▸ **EXERCISE OBJECTIVE**:
Only the text of the records belongs in the answer, copied exactly, with every picture omitted.

[Saved data entries]
__________
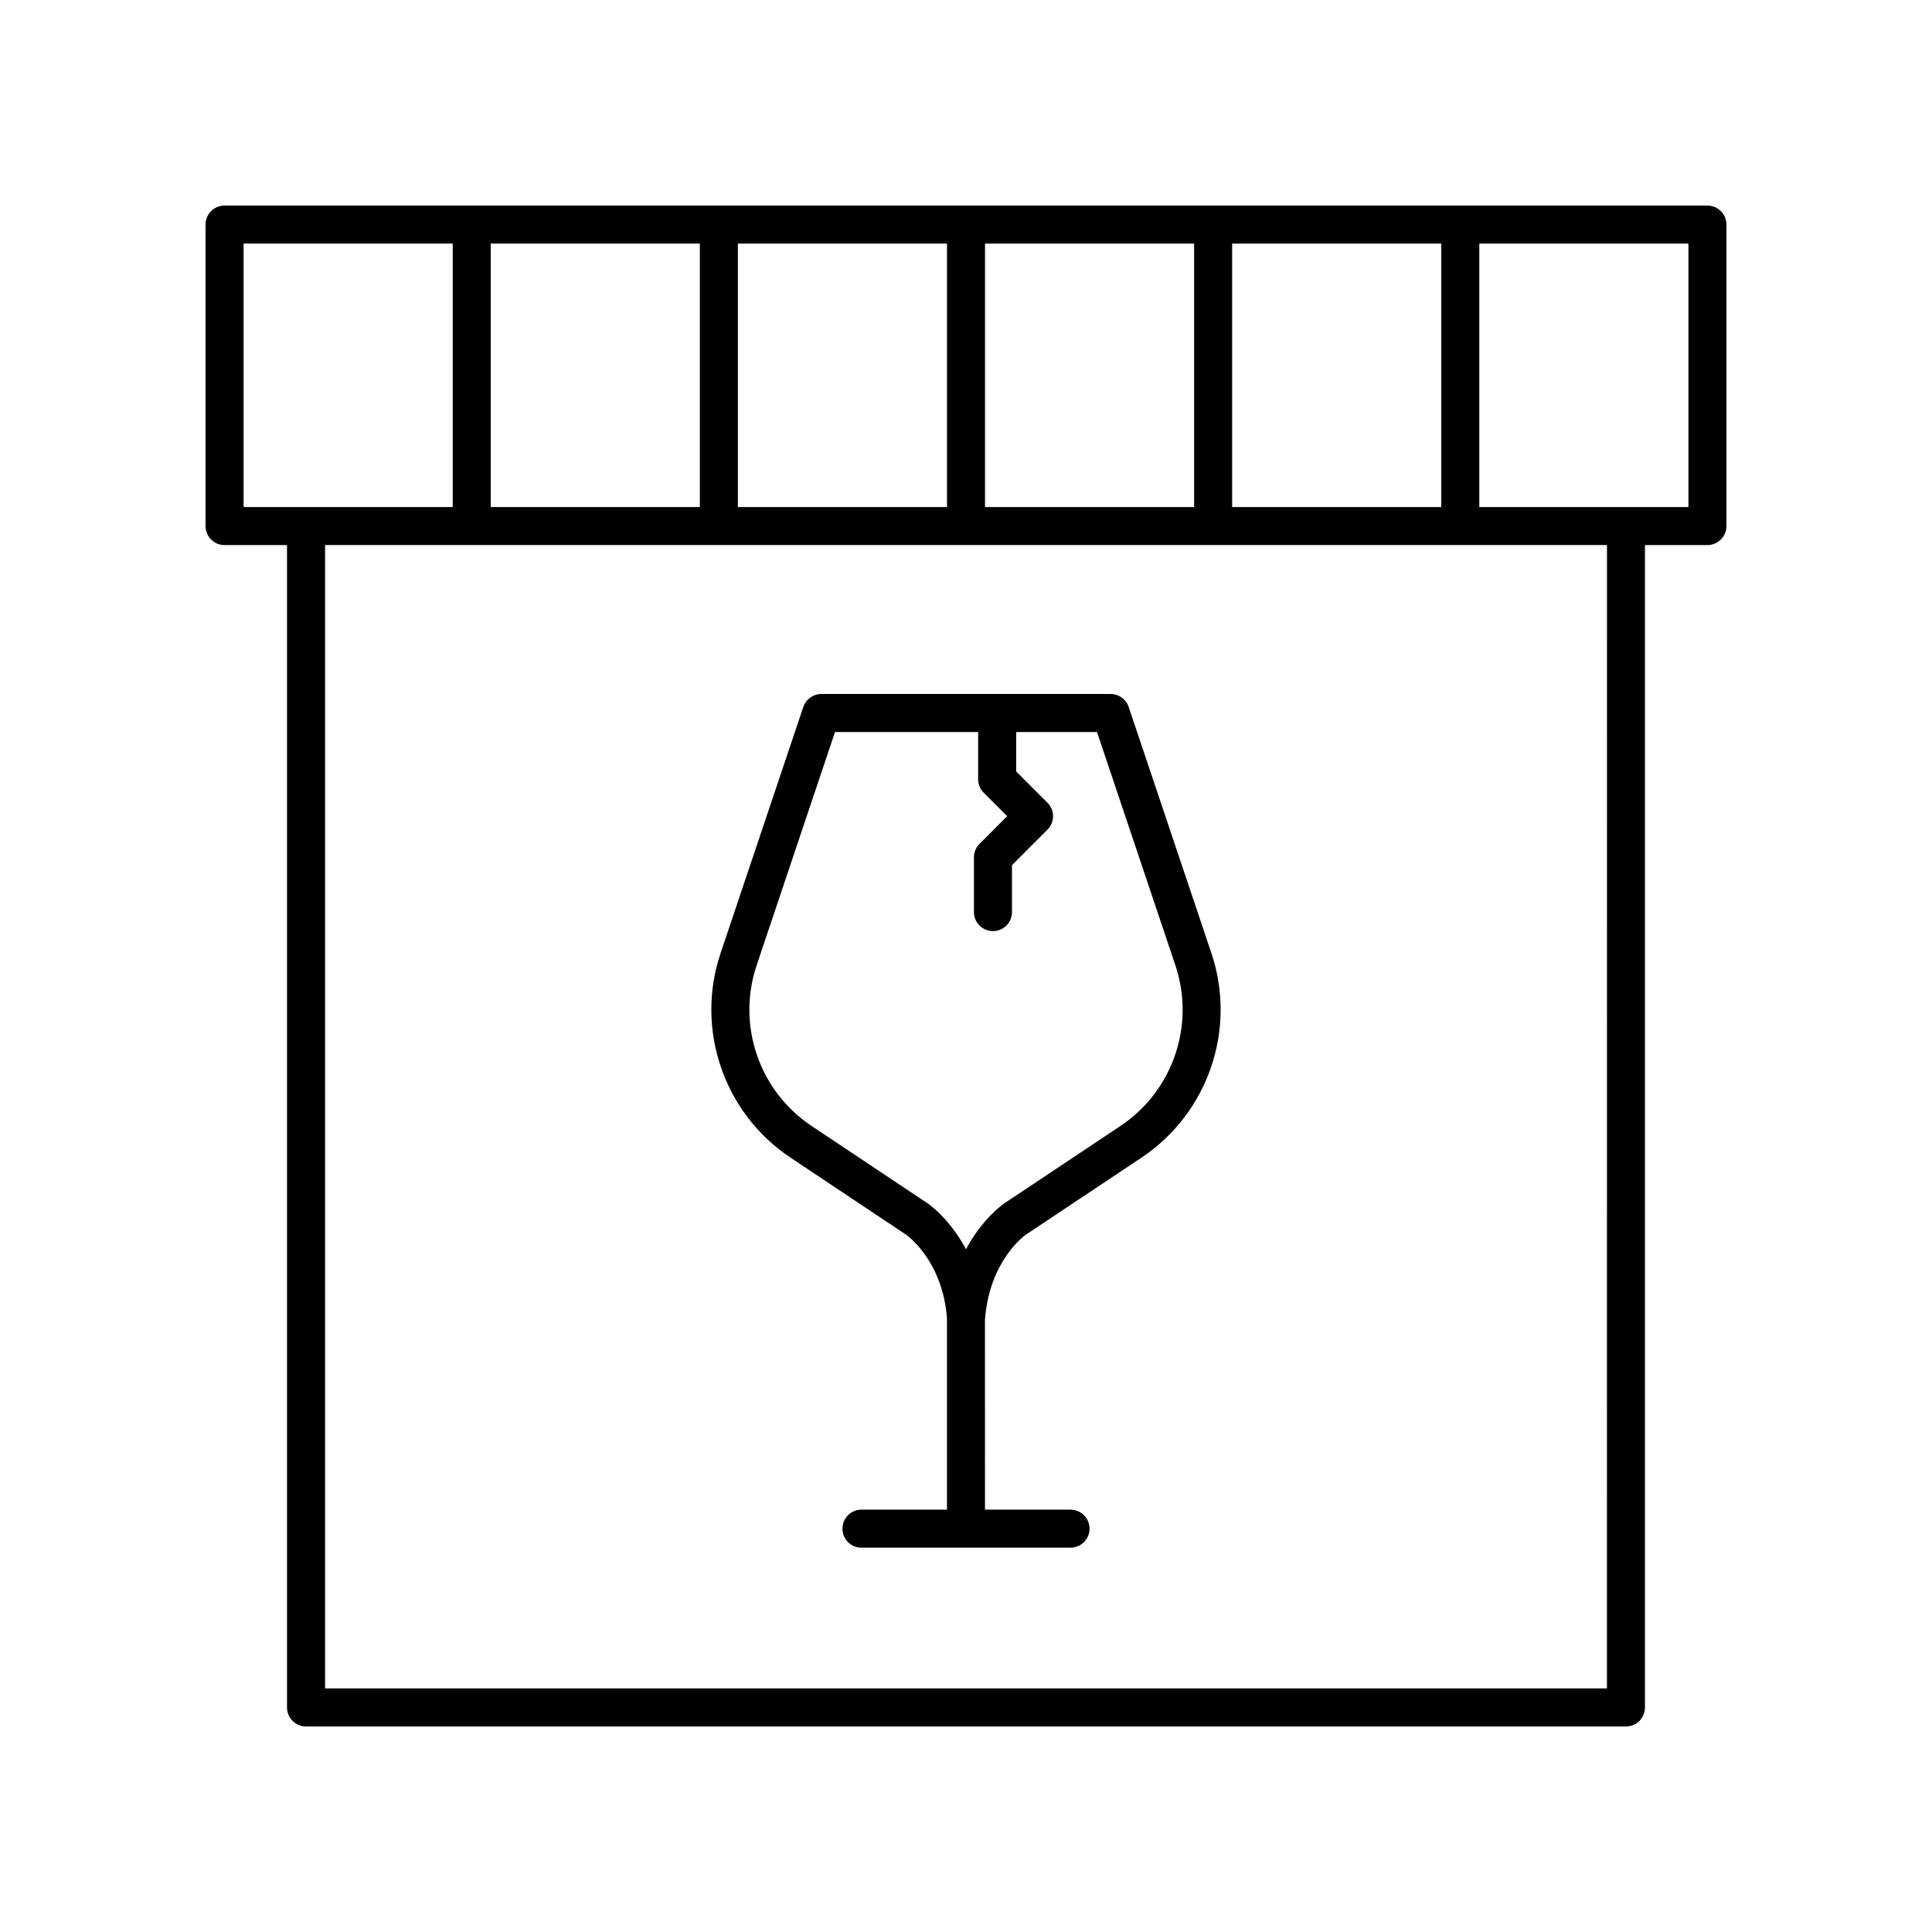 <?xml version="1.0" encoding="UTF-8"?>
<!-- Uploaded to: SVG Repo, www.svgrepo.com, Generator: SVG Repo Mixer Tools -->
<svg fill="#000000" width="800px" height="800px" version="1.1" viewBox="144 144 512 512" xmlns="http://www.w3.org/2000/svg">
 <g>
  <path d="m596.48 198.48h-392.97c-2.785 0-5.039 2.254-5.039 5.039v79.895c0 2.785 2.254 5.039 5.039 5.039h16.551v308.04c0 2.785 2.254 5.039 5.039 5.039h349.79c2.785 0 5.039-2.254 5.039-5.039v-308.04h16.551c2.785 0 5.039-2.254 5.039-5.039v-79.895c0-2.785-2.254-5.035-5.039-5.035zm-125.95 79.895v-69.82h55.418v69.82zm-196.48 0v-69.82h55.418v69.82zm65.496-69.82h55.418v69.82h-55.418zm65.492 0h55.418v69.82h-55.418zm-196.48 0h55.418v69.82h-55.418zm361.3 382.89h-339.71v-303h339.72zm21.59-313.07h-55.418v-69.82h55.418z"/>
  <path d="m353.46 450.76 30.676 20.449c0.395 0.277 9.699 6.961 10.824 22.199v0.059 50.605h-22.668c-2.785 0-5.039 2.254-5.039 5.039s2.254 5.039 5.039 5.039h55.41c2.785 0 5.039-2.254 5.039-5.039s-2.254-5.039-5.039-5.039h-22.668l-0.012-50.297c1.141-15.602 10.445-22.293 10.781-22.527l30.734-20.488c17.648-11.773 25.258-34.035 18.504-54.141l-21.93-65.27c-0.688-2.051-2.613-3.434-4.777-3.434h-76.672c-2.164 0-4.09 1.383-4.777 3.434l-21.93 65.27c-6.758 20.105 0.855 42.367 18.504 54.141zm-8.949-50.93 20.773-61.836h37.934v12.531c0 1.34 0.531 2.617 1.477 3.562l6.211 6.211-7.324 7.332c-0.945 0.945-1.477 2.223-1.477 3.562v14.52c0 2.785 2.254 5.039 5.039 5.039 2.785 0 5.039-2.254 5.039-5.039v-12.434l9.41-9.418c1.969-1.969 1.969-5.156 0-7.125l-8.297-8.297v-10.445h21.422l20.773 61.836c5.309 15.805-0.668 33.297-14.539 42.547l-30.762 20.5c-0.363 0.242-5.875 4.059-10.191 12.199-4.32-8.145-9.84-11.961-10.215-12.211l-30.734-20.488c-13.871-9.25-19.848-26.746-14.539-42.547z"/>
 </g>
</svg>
__________
▸ **YOUR RESPONSE**:
 <?xml version="1.0" encoding="UTF-8"?>
<!-- Uploaded to: SVG Repo, www.svgrepo.com, Generator: SVG Repo Mixer Tools -->
<svg fill="#000000" width="800px" height="800px" version="1.1" viewBox="144 144 512 512" xmlns="http://www.w3.org/2000/svg">
 <g>
  <path d="m596.48 198.48h-392.97c-2.785 0-5.039 2.254-5.039 5.039v79.895c0 2.785 2.254 5.039 5.039 5.039h16.551v308.04c0 2.785 2.254 5.039 5.039 5.039h349.79c2.785 0 5.039-2.254 5.039-5.039v-308.04h16.551c2.785 0 5.039-2.254 5.039-5.039v-79.895c0-2.785-2.254-5.035-5.039-5.035zm-125.95 79.895v-69.82h55.418v69.82zm-196.48 0v-69.82h55.418v69.82zm65.496-69.82h55.418v69.82h-55.418zm65.492 0h55.418v69.82h-55.418zm-196.48 0h55.418v69.82h-55.418zm361.3 382.89h-339.71v-303h339.72zm21.59-313.07h-55.418v-69.82h55.418z"/>
  <path d="m353.46 450.76 30.676 20.449c0.395 0.277 9.699 6.961 10.824 22.199v0.059 50.605h-22.668c-2.785 0-5.039 2.254-5.039 5.039s2.254 5.039 5.039 5.039h55.41c2.785 0 5.039-2.254 5.039-5.039s-2.254-5.039-5.039-5.039h-22.668l-0.012-50.297c1.141-15.602 10.445-22.293 10.781-22.527l30.734-20.488c17.648-11.773 25.258-34.035 18.504-54.141l-21.93-65.27c-0.688-2.051-2.613-3.434-4.777-3.434h-76.672c-2.164 0-4.09 1.383-4.777 3.434l-21.93 65.27c-6.758 20.105 0.855 42.367 18.504 54.141zm-8.949-50.93 20.773-61.836h37.934v12.531c0 1.34 0.531 2.617 1.477 3.562l6.211 6.211-7.324 7.332c-0.945 0.945-1.477 2.223-1.477 3.562v14.52c0 2.785 2.254 5.039 5.039 5.039 2.785 0 5.039-2.254 5.039-5.039v-12.434l9.41-9.418c1.969-1.969 1.969-5.156 0-7.125l-8.297-8.297v-10.445h21.422l20.773 61.836c5.309 15.805-0.668 33.297-14.539 42.547l-30.762 20.5c-0.363 0.242-5.875 4.059-10.191 12.199-4.32-8.145-9.84-11.961-10.215-12.211l-30.734-20.488c-13.871-9.25-19.848-26.746-14.539-42.547z"/>
 </g>
</svg>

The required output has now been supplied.